Many of the organizations are secretive about their funding and alliances, even as they attack social justice and environmental organizations over “foreign funding” and collaboration with international groups.

Astroturf campaigns aren’t new, but they’re becoming increasingly widespread and effective as social media and the internet play a greater role in shaping public opinion.

In B.C., they go back at least as far as the 1980s and ’90s, during the “War in the Woods” over logging in Clayoquot Sound. To counter massive protests, the Citizens Coalition for Sustainable Development, also known as Share B.C., was launched with support from and ties to the forestry industry, later spawning a number of “Share” offshoots.

The tactic gained notoriety in the U.S. after the Environmental Protection Agency released a 1992 report about the health impacts of tobacco smoke on non-smokers. In response, the world’s biggest tobacco company, Philip Morris, launched a campaign “to prevent states and cities, as well as businesses, from passive-smoking bans.”

The company hired PR firm APCO, which warned that industry spokespeople are not always seen as credible messengers and that a “national grassroots coalition” would carry more weight.

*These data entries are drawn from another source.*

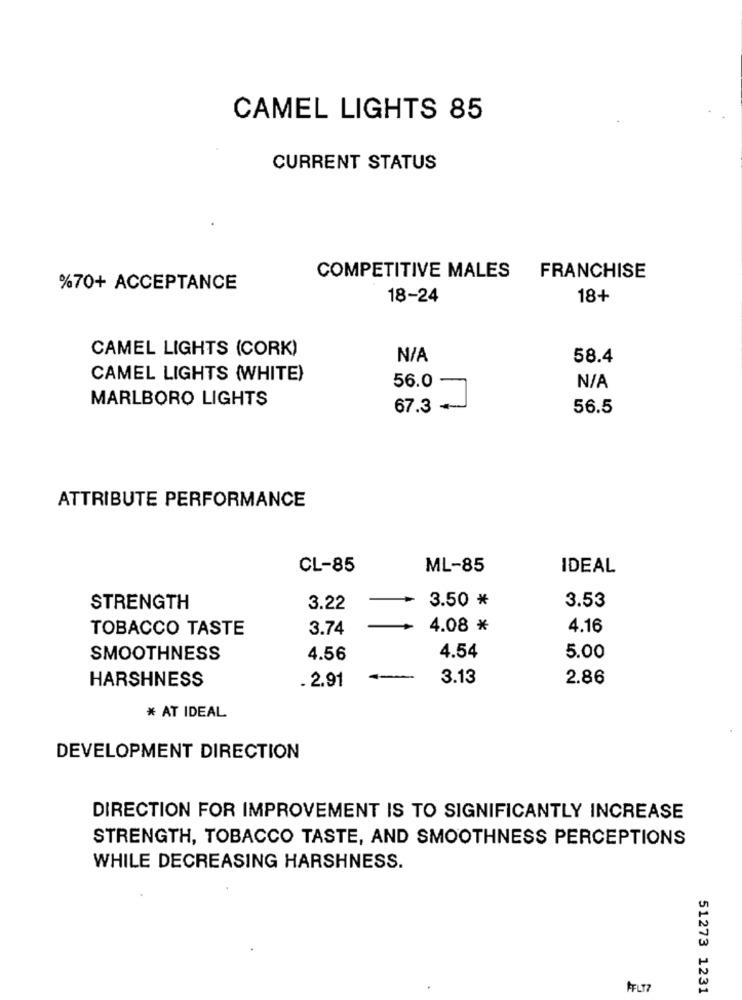
CAMEL LIGHTS 85
CURRENT STATUS
COMPETITIVE MALES
FRANCHISE
%70+ ACCEPTANCE
18-24
18+
CAMEL LIGHTS (CORK)
58.4
CAMEL LIGHTS (WHITE)
56.0
MARLBORO LIGHTS
67.3
56.5
ATTRIBUTE PERFORMANCE
CL-85
ML-85
IDEAL
STRENGTH
3.22
3.50 *
3.53
TOBACCO TASTE
3.74
4.08 *
4.16
SMOOTHNESS
4.56
4.54
5.00
HARSHNESS
. 2.91
-
3.13
2.86
* AT IDEAL
DEVELOPMENT DIRECTION
DIRECTION FOR IMPROVEMENT IS TO SIGNIFICANTLY INCREASE
STRENGTH, TOBACCO TASTE, AND SMOOTHNESS PERCEPTIONS
WHILE DECREASING HARSHNESS.
51273 1231

APCO then established the Advancement of Sound Science Coalition to challenge the scientific consensus about tobacco smoke harms.

In his book Heat, UK writer George Monbiot quotes a memo from tobacco company Brown and Williamson: “Doubt is our product since it is the best means of competing with the ‘body of fact’ that exists in the mind of the general public. It is also the means of establishing a controversy.”

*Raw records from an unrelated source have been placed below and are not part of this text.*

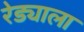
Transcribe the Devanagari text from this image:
रेड्याला
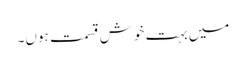
میں بہت خوش قسمت ہوں۔
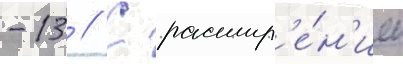
-13 // С расшир'е́н'ием
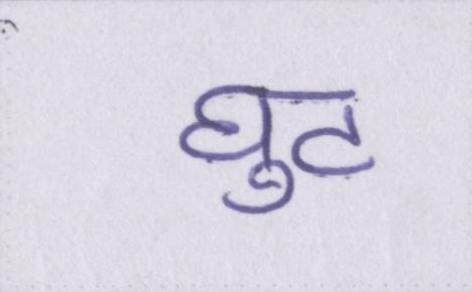
घुट
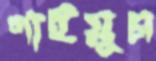
গাইয়ূম

The coalition, with additional funding from Exxon and other fossil fuel companies, went on to sow doubt about climate science. Its name illustrates another tactic: using labels and branding to convince the public they’re evidence-based or to blur distinctions between them and legitimate entities. In Canada, the International Climate Science Coalition and Friends of Science (both of which Tom Harris has been or is involved with), are anything but friendly to science.

A report sponsored by the U.S. Heartland Institute and promoted by Harris’s ICSC was published under the banner of the Nongovernmental International Panel on Climate Change, a name aimed at creating confusion between it and the Intergovernmental Panel on Climate Change.

In 1998, a group called the Oregon Institute of Science and Medicine sponsored the Oregon Petition, which urged the U.S. government to reject climate change measures. It used the same font and format as the legitimate Proceedings of the National Academy of Sciences, prompting that organization to issue a statement distancing itself from the bogus group.

As the internet and social media become greater forces in society, astroturf groups and campaigns are growing, especially around global warming. Armies of trolls and credible-sounding organizations spread similar messaging on a range of topics. In keeping the forestry industry’s caribou science denial tactics, we can expect to see it using PR firms and ostensibly third-party voices to make its case.

Although it would be difficult or impossible to end astroturfing, people can learn how to spot phoney “grassroots” organizations and campaigns. SourceWatch and DeSmog provide thoroughly researched information on a range of groups and individuals involved in these campaigns.

For the sake of public discourse and progress on important social, health and environmental issues, it’s up to all of us to critically assess all information sources.